Data entries
☆ ☆ ☆ ☆
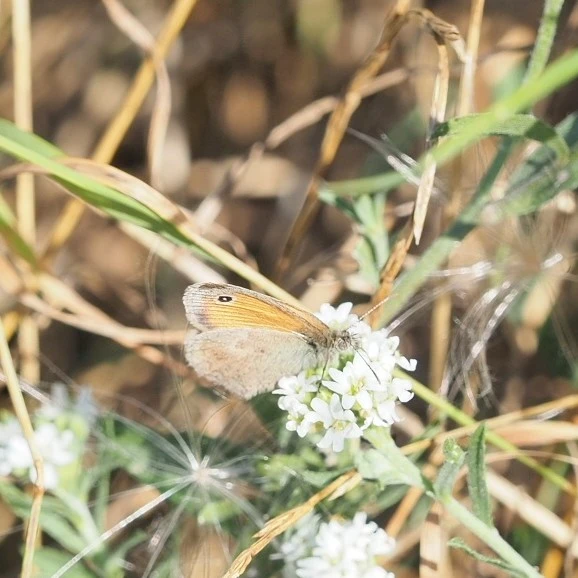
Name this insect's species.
Coenonympha pamphilus
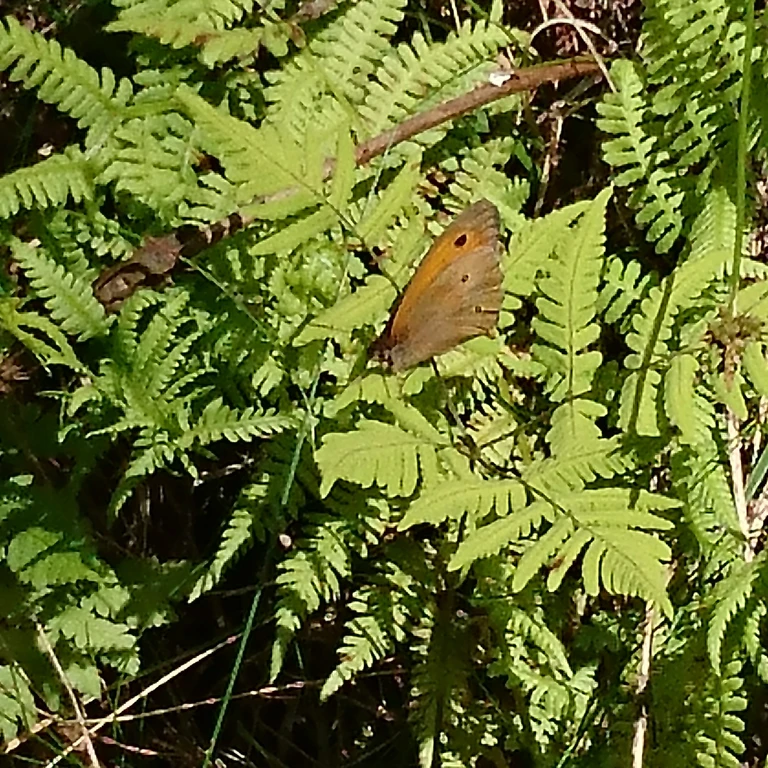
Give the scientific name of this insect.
Maniola jurtina
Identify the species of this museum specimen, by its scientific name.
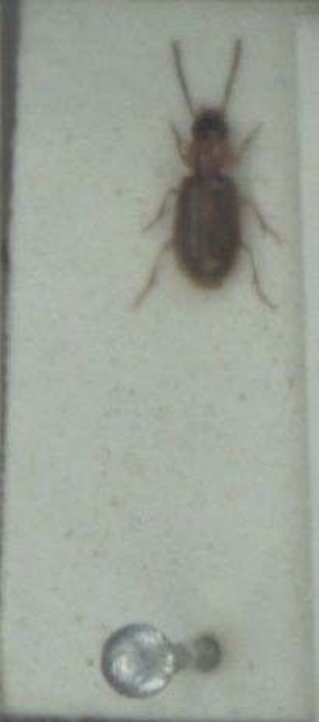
Acupalpus dubius
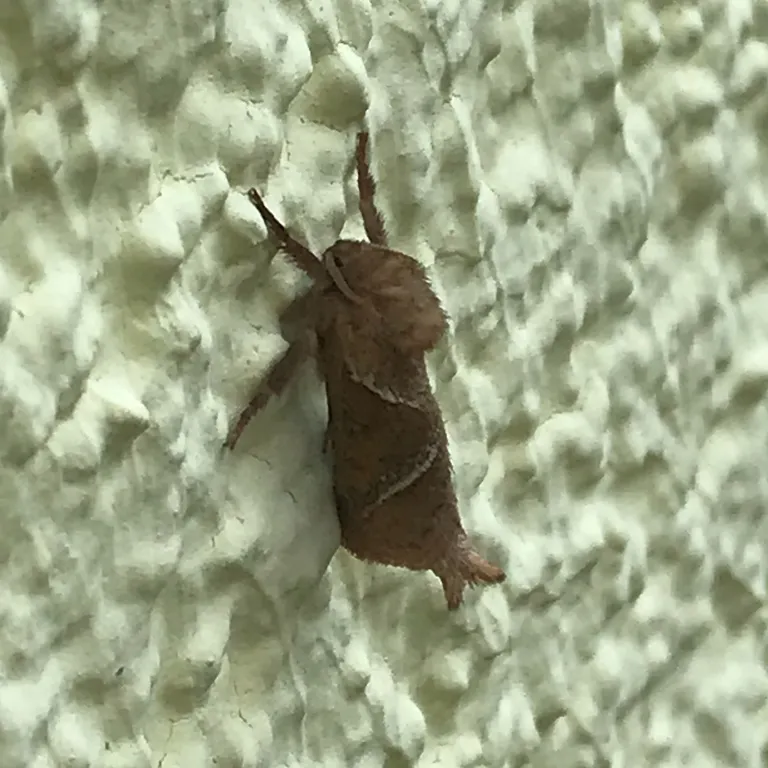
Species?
Triodia sylvina
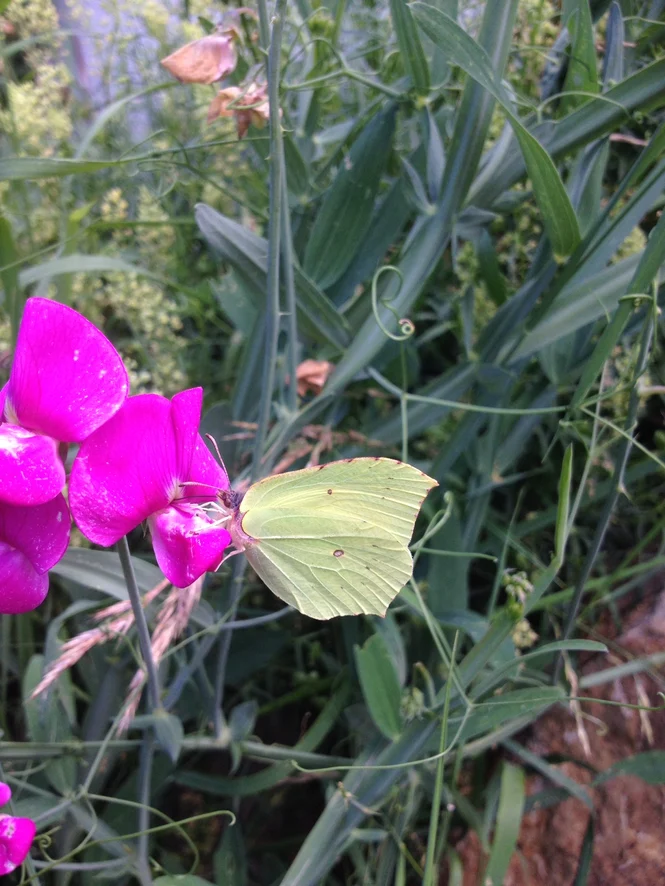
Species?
Gonepteryx rhamni
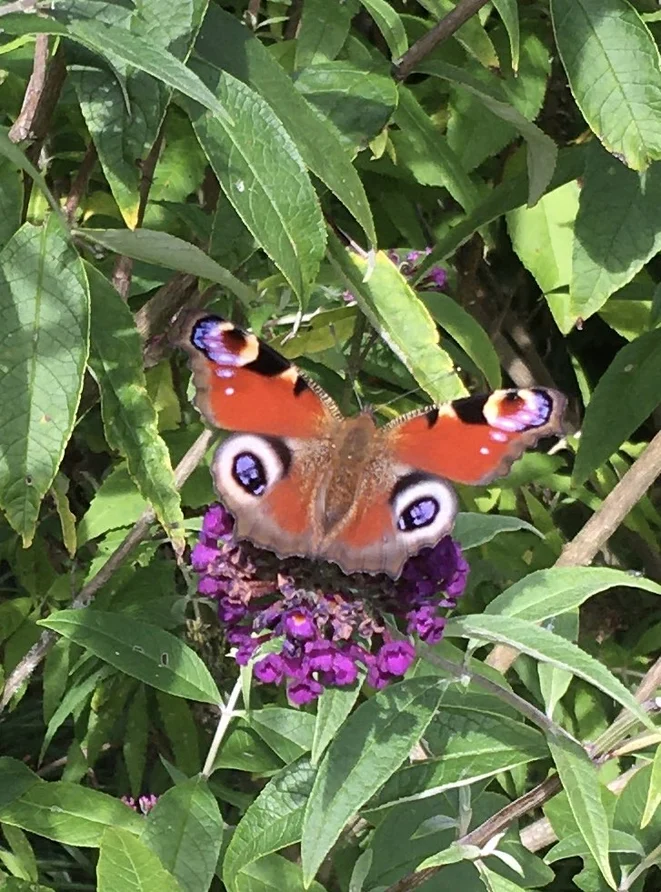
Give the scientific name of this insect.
Aglais io
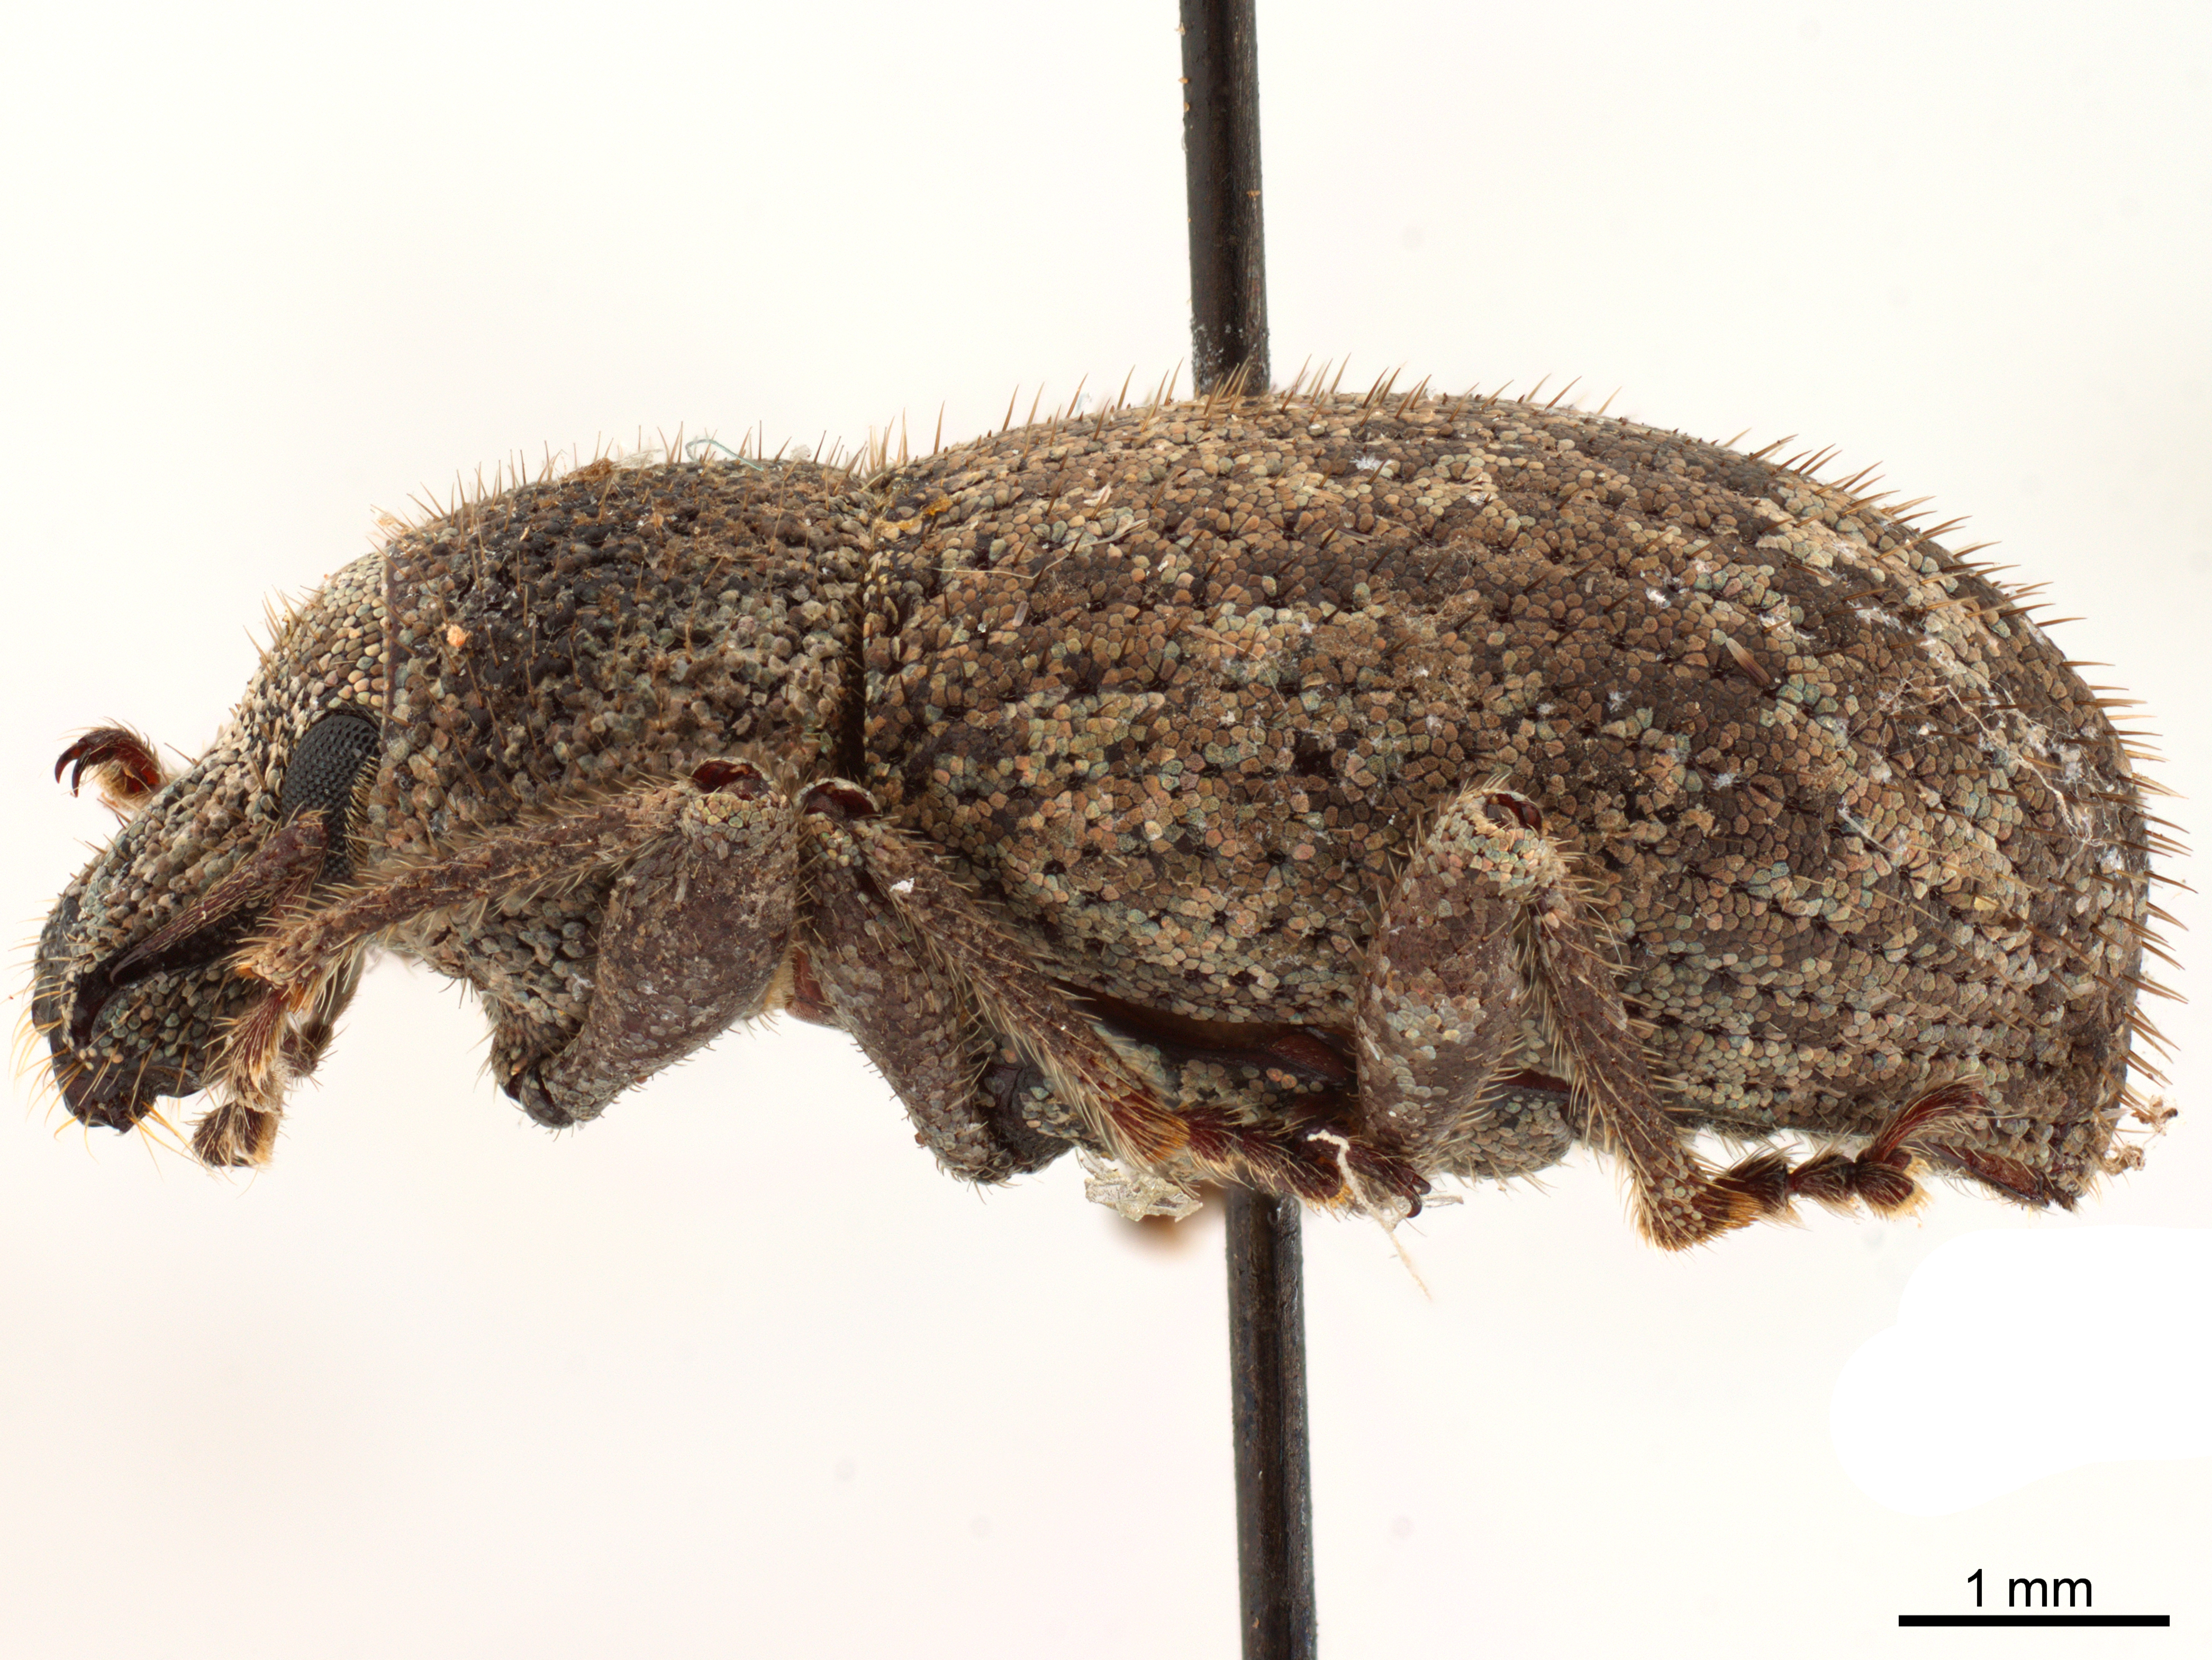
☆ ☆ ☆ ☆
» **Prompt**:
Without including any picture, print all of the entries above exactly.

» **Answer to this exercise**:
Name this insect's species.
Coenonympha pamphilus
Give the scientific name of this insect.
Maniola jurtina
Identify the species of this museum specimen, by its scientific name.
Acupalpus dubius
Species?
Triodia sylvina
Species?
Gonepteryx rhamni
Give the scientific name of this insect.
Aglais io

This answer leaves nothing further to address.